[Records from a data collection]
━━━━━━━━━━━━━━━━

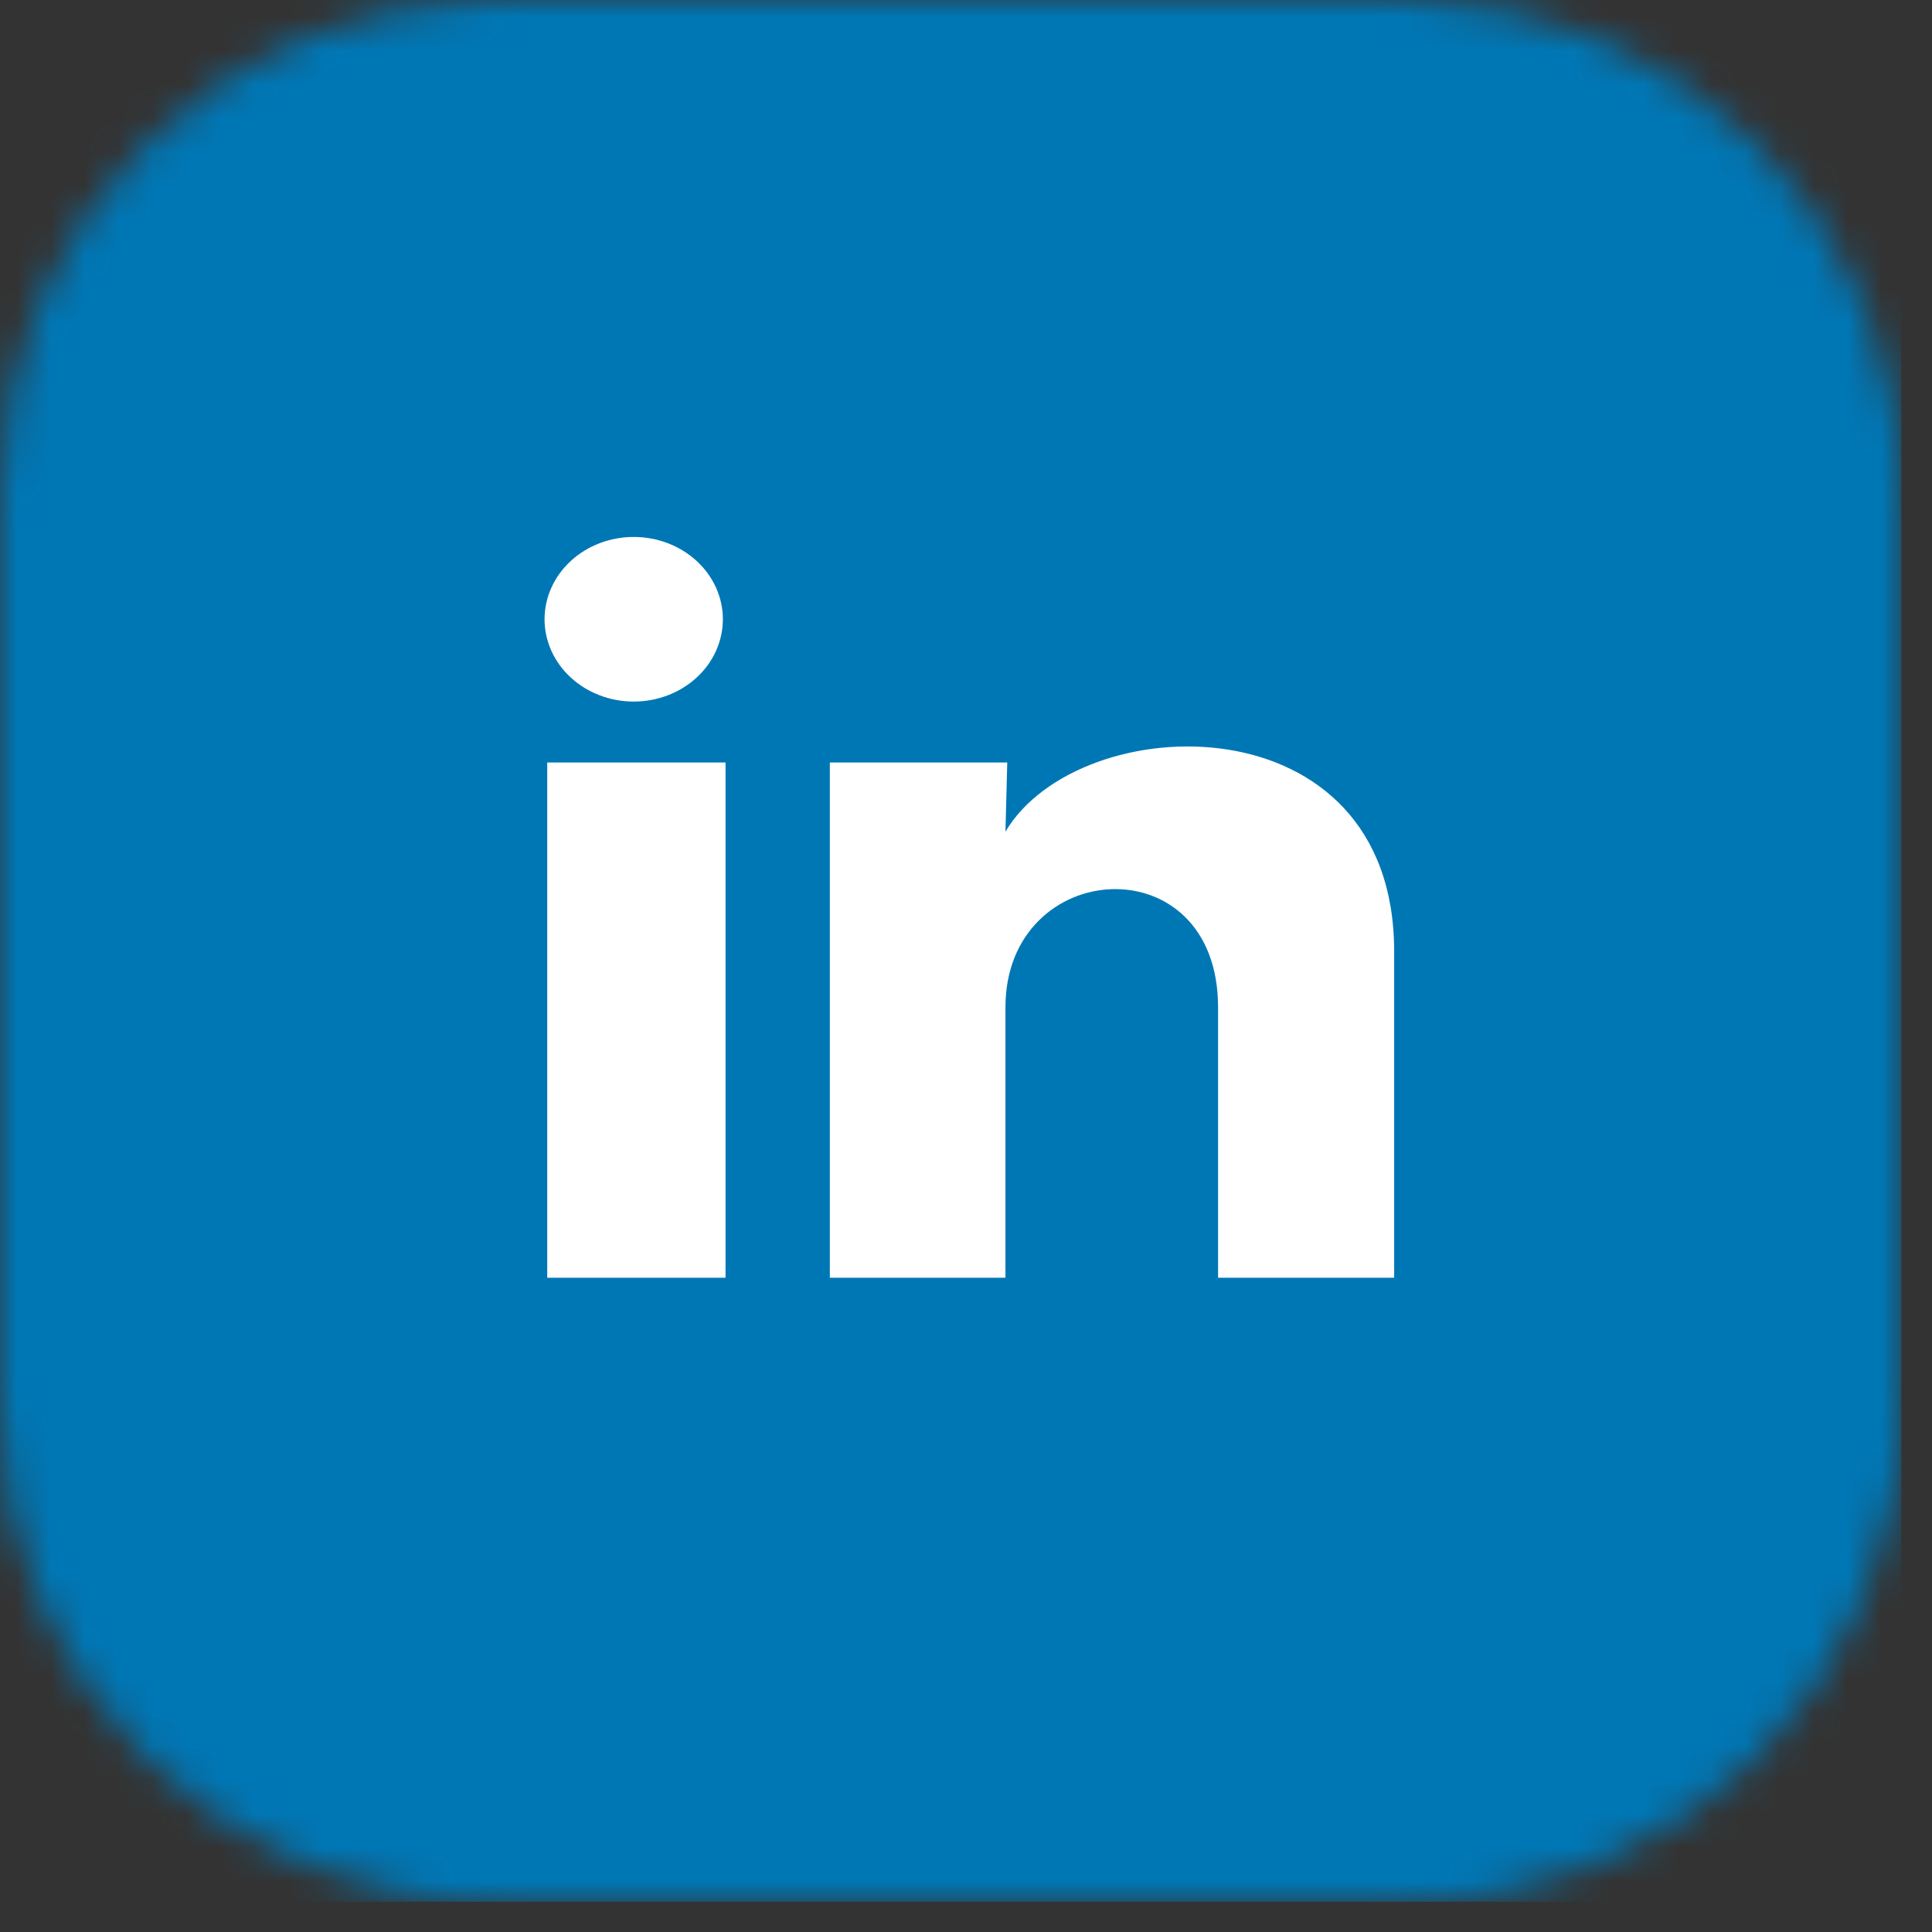 <svg width="57" height="57" viewBox="0 0 57 57" fill="none" xmlns="http://www.w3.org/2000/svg">
<rect x="0" y="0" width="57" height="57" fill="#333333" stroke="none"/>
<g clip-path="url(#clip0_234_9072)">
<g clip-path="url(#clip1_234_9072)">
<g clip-path="url(#clip2_234_9072)">
<mask id="mask0_234_9072" style="mask-type:luminance" maskUnits="userSpaceOnUse" x="0" y="0" width="57" height="57">
<path d="M41.473 0H14.637C6.553 0 0 6.553 0 14.637V41.473C0 49.557 6.553 56.11 14.637 56.11H41.473C49.557 56.11 56.11 49.557 56.11 41.473V14.637C56.11 6.553 49.557 0 41.473 0Z" fill="white"/>
</mask>
<g mask="url(#mask0_234_9072)">
<path d="M56.11 0H0V56.11H56.11V0Z" fill="#0077B5"/>
<mask id="mask1_234_9072" style="mask-type:luminance" maskUnits="userSpaceOnUse" x="12" y="12" width="32" height="30">
<path d="M43.761 12.197H12.199V41.337H43.761V12.197Z" fill="white"/>
</mask>
<g mask="url(#mask1_234_9072)">
<path d="M21.327 18.271C21.326 18.915 21.049 19.533 20.555 19.988C20.062 20.443 19.393 20.699 18.695 20.698C17.998 20.698 17.329 20.442 16.836 19.986C16.343 19.531 16.066 18.913 16.066 18.269C16.067 17.625 16.344 17.007 16.838 16.552C17.331 16.097 18 15.841 18.698 15.842C19.395 15.842 20.064 16.098 20.557 16.554C21.05 17.009 21.327 17.627 21.327 18.271ZM21.406 22.496H16.145V37.697H21.406V22.496ZM29.717 22.496H24.483V37.697H29.664V29.721C29.664 25.277 35.937 24.864 35.937 29.721V37.697H41.132V28.069C41.132 20.578 31.847 20.857 29.664 24.536L29.717 22.496Z" fill="white"/>
</g>
</g>
</g>
</g>
</g>
<defs>
<clipPath id="clip0_234_9072">
<rect width="56.1" height="56.11" fill="white"/>
</clipPath>
<clipPath id="clip1_234_9072">
<rect width="56.1" height="56.11" fill="white"/>
</clipPath>
<clipPath id="clip2_234_9072">
<rect width="56.11" height="56.11" fill="white"/>
</clipPath>
</defs>
</svg>

━━━━━━━━━━━━━━━━

What to do: Some lines above contain the word "luminance". Copy each of them.

Response box:
<mask id="mask0_234_9072" style="mask-type:luminance" maskUnits="userSpaceOnUse" x="0" y="0" width="57" height="57">
<mask id="mask1_234_9072" style="mask-type:luminance" maskUnits="userSpaceOnUse" x="12" y="12" width="32" height="30">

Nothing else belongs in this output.